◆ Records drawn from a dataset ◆
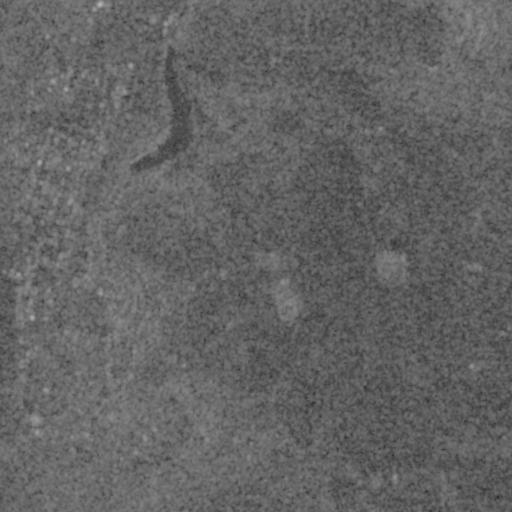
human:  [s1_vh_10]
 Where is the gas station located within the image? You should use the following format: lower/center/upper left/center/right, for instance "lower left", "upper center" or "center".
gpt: The gas station is located in the upper left of the image.
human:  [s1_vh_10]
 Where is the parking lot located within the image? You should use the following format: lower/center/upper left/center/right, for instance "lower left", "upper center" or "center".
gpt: The parking lot is located in the left of the image.
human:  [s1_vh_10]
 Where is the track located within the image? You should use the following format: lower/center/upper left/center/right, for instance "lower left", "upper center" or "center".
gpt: There is no track in the image.

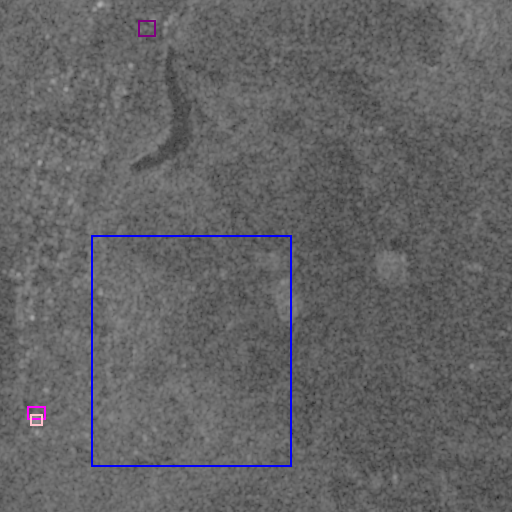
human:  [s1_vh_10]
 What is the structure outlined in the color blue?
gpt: The structure outlined in blue is a park.
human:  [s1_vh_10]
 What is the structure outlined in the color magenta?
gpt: The structure outlined in magenta is a parking lot.
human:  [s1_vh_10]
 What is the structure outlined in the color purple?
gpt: The structure outlined in purple is a building.
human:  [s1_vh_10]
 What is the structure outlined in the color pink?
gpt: The structure outlined in pink is a building.
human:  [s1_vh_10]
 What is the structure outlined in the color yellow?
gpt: There is no yellow outline.
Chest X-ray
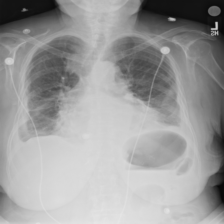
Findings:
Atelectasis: negative
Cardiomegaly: negative
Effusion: positive
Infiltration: positive
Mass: negative
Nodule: negative
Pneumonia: negative
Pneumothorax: negative
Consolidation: negative
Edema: negative
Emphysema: negative
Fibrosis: negative
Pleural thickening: negative
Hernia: negative
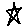
Label: star
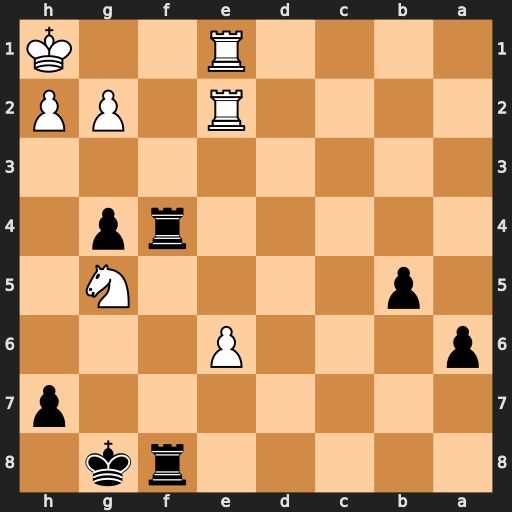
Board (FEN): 5rk1/7p/p3P3/1p4N1/5rp1/8/4R1PP/4R2K
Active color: b
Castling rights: -
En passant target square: -
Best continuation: Rf1+ Rxf1 Rxf1#
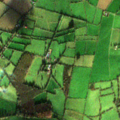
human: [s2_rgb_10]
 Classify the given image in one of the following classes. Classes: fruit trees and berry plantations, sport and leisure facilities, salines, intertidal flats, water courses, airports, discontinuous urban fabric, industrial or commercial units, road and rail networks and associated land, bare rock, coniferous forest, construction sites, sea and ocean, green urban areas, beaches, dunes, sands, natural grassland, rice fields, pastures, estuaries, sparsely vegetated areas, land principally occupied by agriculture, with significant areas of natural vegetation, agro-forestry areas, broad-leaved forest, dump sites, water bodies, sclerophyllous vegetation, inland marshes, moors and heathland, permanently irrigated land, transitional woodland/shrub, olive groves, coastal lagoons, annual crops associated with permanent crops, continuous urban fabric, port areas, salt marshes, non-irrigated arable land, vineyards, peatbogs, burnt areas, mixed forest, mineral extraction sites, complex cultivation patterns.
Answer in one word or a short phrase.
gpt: non-irrigated arable land, pastures, land principally occupied by agriculture, with significant areas of natural vegetation
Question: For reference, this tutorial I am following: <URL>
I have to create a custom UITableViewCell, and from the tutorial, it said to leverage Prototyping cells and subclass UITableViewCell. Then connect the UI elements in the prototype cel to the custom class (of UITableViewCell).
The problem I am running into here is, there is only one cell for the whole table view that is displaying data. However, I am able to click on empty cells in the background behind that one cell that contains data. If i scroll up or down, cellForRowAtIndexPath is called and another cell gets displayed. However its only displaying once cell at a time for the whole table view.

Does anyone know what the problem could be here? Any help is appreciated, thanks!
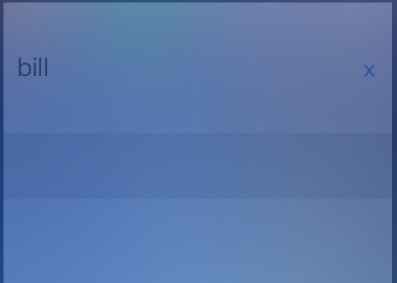
Answer: Figured out what the problem is, my labels (that are supposed to be inside the custom prototyping cell) were added to the parent view and not the content view of UITableViewCell. This is because my prototype cell did not have a content view for some reason. I had to add a another prototype cell and delete the previous one.
reference: <URL>
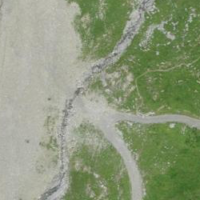
EUNIS habitat code: 26
Species observed at this site:
Anthyllis vulneraria
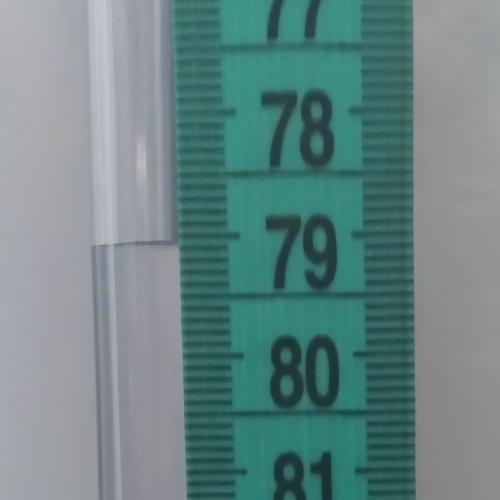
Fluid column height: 79.1 cm
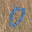
Label: 0
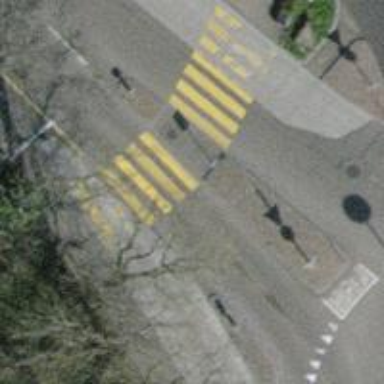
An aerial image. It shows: Uncontrolled zebra crossing with marked island on the road.
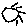
Label: sun
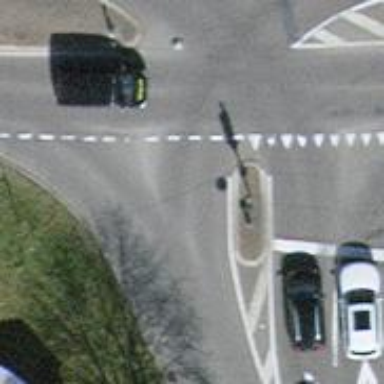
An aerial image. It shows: Road with traffic signals.
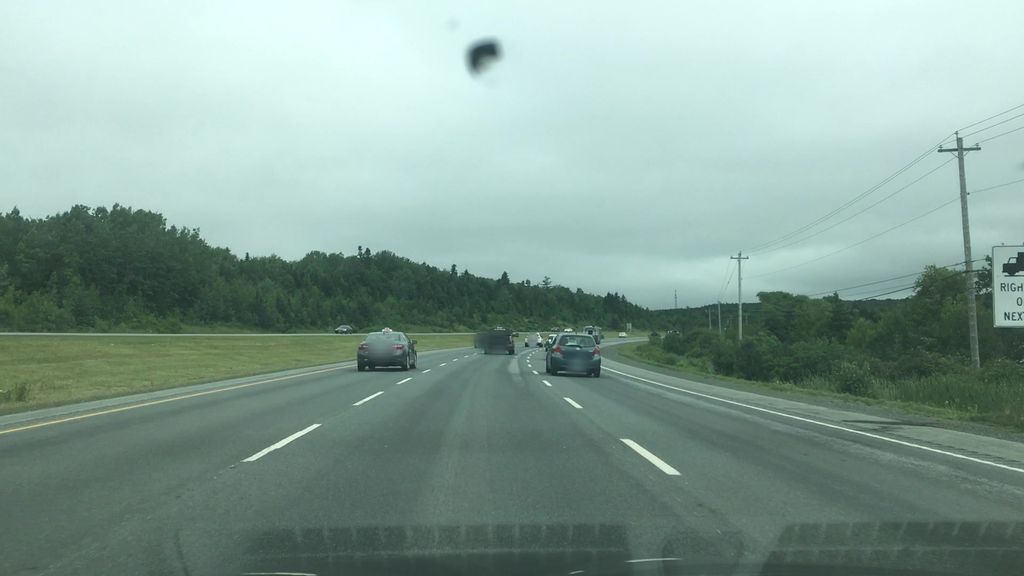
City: halifax
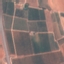
Land use / land cover: PermanentCrop
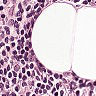
Metastatic tissue present: no
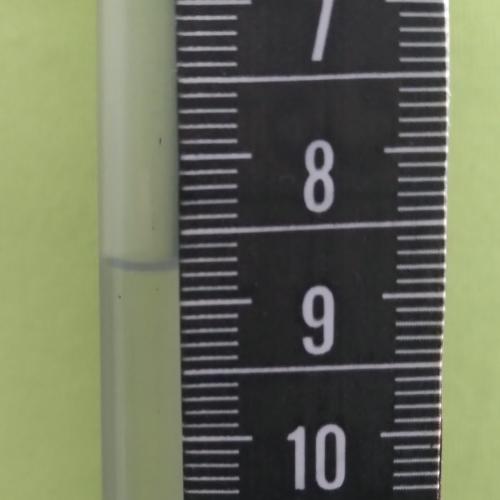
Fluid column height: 8.7 cm
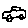
Label: car
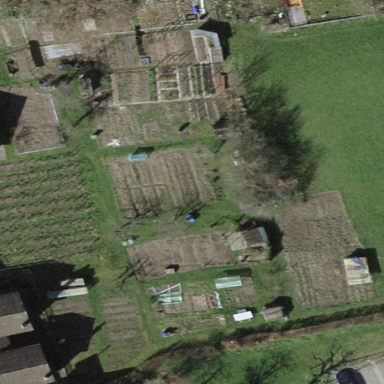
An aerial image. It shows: Plot in the allotments.
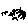
Label: sun
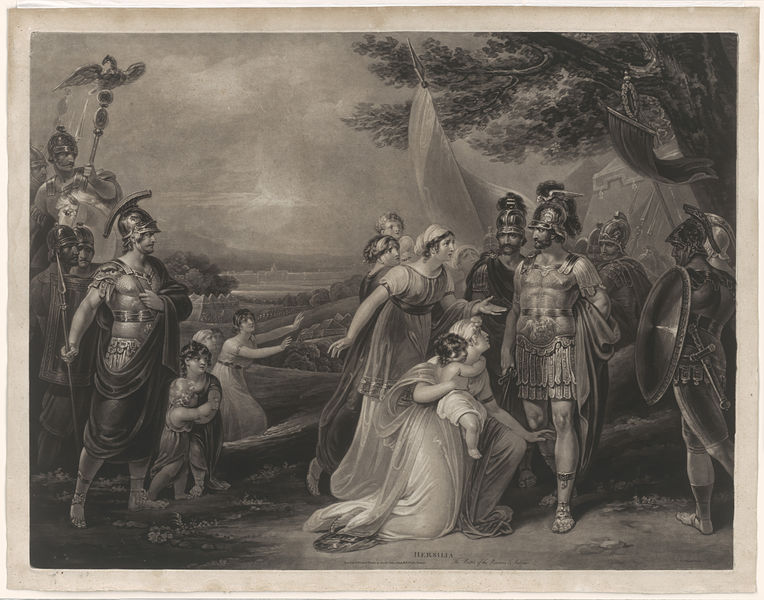
Titel: Hersilia. The Battle of the Romans & Sabines
Künstler: H. Gillbank
Standort: Amsterdam
Institution: Rijksmuseum
Schlagwörter: adler, baum, mann, frauen, landschaft, damen, frau, szene, natur, kind, mutter, fahne, flagge, graphik, krieg, historienbild, soldaten, schild, stich, uniform, knien, soldat, ritter, rüstung, rom, mythos, flehen, krieger, personengruppe, odysseus, bitte, standarte, griechische mythologie, kindermord, feldlager, wenf, iundf
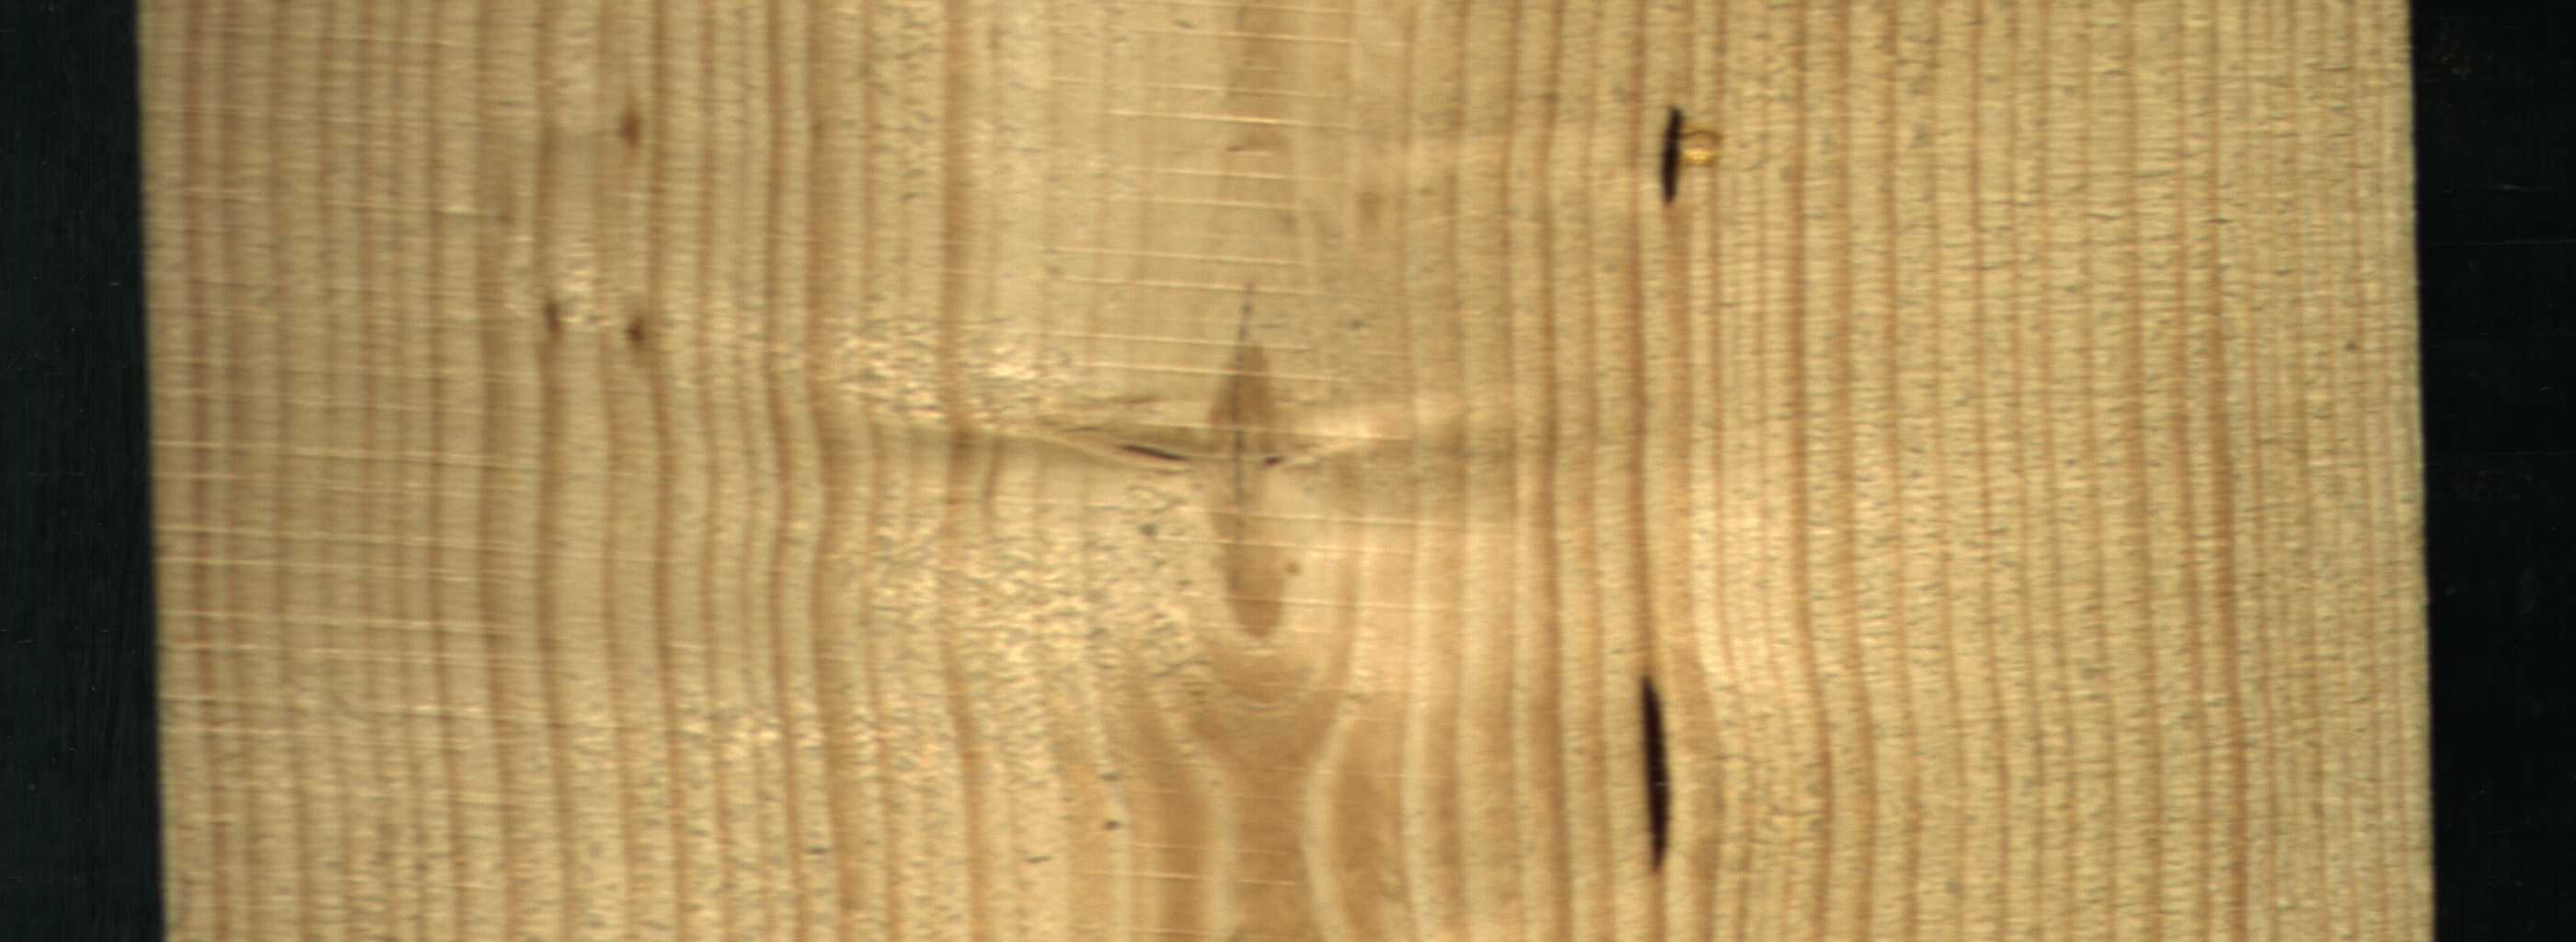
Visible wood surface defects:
resin
resin
Live_Knot

◆ Work instructions ◆
Only a number is needed here: the count of lines above that hold the string "yellow".

◆ Answer ◆
2